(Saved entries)
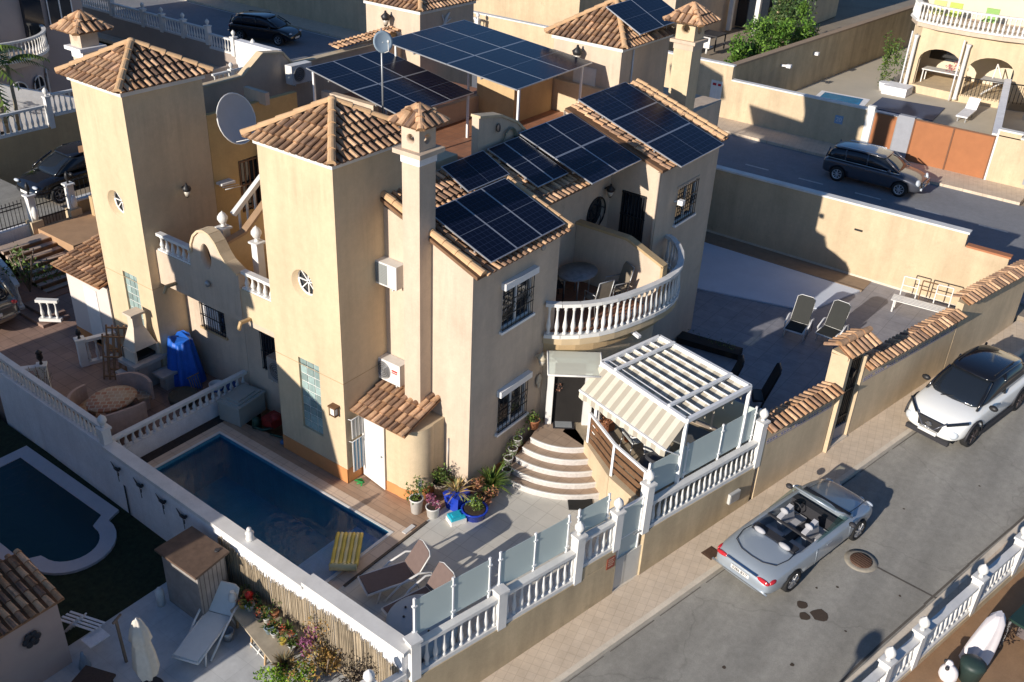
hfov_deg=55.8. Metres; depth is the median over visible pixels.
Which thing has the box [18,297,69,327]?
shadow steps
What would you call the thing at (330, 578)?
pool edge line
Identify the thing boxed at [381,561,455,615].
sun lounger
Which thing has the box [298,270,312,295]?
round window
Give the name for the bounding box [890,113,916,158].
gate post
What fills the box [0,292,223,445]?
neighbour yard floor
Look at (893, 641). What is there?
kerb
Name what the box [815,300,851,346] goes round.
sun lounger
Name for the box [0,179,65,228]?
street
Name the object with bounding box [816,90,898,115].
pool edge floor
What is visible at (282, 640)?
pot
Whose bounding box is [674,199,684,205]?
bracket light
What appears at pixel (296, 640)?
pot
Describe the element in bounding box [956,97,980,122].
sun bed
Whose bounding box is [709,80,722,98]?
meter door
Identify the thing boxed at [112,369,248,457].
party fence
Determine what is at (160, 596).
white canister
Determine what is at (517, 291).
window
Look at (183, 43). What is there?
stepped balustrade
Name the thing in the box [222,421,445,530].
walkway floor
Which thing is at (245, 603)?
pot
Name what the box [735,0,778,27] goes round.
window
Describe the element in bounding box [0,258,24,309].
white side rail
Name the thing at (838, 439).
threshold floor
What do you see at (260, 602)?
pot
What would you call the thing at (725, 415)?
glass screen
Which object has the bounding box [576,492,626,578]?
glass balustrade
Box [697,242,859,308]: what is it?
pool cover floor
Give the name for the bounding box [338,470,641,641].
terrace floor
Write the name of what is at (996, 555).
pavement
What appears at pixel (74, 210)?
gate pillar
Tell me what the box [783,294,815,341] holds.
sun lounger
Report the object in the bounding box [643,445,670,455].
chair
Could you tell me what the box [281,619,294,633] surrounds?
pot
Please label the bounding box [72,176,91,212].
iron fence
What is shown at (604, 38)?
stair tower
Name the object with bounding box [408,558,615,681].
street wall
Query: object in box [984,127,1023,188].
street wall
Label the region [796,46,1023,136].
terrace floor
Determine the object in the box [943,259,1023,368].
tiled wall
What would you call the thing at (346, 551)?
air bed
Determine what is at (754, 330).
side floor
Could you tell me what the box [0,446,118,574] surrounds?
pool edge floor
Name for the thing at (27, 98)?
pale garden wall
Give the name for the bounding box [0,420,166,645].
lawn
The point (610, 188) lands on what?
wall lantern
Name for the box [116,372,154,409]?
curved bench
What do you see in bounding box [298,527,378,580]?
pool shelf floor
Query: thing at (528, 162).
solar array
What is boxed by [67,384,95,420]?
curved bench
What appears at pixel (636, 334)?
balcony spout
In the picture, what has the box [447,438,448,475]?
wall pipes
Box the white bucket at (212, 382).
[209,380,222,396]
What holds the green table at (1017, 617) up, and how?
on the patio floor at (1006, 664)
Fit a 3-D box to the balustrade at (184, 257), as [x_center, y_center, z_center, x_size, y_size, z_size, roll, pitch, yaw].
[-8.885,-2.454,25.529,1.400,0.500,0.160,22,35,30]
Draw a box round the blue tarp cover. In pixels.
[167,330,206,388]
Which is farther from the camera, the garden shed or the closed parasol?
the garden shed
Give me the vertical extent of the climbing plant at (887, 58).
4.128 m
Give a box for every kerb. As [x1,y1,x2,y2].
[551,347,1023,681]
[845,519,1023,681]
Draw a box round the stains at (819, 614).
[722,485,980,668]
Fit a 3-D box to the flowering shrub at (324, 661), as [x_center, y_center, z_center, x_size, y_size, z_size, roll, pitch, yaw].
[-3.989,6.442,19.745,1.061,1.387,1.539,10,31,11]
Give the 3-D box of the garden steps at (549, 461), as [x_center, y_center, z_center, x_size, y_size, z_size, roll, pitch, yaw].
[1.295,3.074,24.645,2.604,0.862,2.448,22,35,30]
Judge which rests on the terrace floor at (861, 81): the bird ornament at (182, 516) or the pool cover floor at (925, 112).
the pool cover floor at (925, 112)
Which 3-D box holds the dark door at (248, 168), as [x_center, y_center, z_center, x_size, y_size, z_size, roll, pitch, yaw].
[-7.527,-4.569,27.943,0.130,1.550,0.840,22,35,30]
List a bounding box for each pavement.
[97,32,217,69]
[185,0,1023,204]
[481,320,1023,681]
[855,529,1020,681]
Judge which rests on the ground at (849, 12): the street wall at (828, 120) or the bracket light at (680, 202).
the street wall at (828, 120)
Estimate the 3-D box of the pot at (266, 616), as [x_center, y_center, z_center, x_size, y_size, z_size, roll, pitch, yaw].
[-5.308,5.893,20.611,0.345,0.296,0.305,-19,37,-33]
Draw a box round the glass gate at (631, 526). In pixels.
[615,495,644,558]
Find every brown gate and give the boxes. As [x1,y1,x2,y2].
[868,111,898,148]
[905,119,996,178]
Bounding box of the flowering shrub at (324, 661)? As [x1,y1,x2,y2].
[283,611,341,681]
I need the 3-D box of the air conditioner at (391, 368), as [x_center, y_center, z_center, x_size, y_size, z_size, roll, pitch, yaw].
[-2.946,0.698,23.566,0.840,0.628,0.347,22,35,30]
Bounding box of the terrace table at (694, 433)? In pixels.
[673,424,710,445]
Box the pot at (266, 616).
[258,609,272,622]
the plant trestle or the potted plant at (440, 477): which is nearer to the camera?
the plant trestle
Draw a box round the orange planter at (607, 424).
[591,415,614,433]
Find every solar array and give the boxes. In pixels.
[306,51,473,137]
[392,20,591,120]
[435,178,564,262]
[441,150,509,192]
[487,136,567,187]
[518,113,641,184]
[578,82,723,167]
[606,0,675,36]
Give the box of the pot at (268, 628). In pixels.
[261,621,277,634]
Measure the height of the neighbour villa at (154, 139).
9.681 m
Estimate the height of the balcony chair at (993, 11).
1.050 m
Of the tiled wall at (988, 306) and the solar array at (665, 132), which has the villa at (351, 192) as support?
the solar array at (665, 132)
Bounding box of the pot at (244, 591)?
[240,583,250,594]
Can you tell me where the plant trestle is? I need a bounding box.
[230,605,319,676]
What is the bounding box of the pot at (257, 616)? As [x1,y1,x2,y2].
[254,606,265,622]
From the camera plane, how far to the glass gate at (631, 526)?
22.10 m
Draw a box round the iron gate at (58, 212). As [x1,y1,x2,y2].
[35,187,67,224]
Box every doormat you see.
[552,421,573,428]
[568,499,592,509]
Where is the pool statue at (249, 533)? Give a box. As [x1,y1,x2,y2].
[245,527,254,541]
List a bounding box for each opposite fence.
[862,646,897,681]
[889,616,931,681]
[915,564,989,667]
[972,526,1023,615]
[1013,554,1023,577]
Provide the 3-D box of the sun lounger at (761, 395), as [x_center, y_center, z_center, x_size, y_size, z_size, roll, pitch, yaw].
[7.232,1.298,27.627,0.660,1.454,0.684,6,30,4]
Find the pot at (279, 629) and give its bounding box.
[276,623,284,634]
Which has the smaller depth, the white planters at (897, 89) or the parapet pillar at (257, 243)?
the parapet pillar at (257, 243)
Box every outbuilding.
[0,549,71,681]
[50,232,117,352]
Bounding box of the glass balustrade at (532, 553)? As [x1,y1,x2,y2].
[496,514,587,623]
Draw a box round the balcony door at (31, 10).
[19,0,47,46]
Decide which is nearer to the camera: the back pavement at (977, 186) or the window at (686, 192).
the window at (686, 192)
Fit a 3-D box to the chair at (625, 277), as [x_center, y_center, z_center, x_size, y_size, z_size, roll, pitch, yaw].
[2.853,-1.555,25.885,0.610,1.058,0.549,-10,33,-21]
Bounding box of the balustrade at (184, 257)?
[155,231,190,264]
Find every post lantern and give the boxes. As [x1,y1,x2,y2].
[35,350,42,364]
[75,328,80,338]
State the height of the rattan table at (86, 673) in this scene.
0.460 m
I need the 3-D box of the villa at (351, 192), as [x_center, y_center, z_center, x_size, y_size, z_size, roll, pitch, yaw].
[-0.166,-3.093,26.491,9.192,9.713,13.592,22,35,30]
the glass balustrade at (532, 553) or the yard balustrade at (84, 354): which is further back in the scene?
the yard balustrade at (84, 354)
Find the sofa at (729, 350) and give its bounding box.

▸ Exercise brief:
Your task is to restate, word for word, only those lines above that fall between the line holding "Which is farther" and the line holding "Draw a box round the stains at (819, 614).", inclusive.

▸ Output:
Which is farther from the camera, the garden shed or the closed parasol?
the garden shed
Give me the vertical extent of the climbing plant at (887, 58).
4.128 m
Give a box for every kerb. As [x1,y1,x2,y2].
[551,347,1023,681]
[845,519,1023,681]
Draw a box round the stains at (819, 614).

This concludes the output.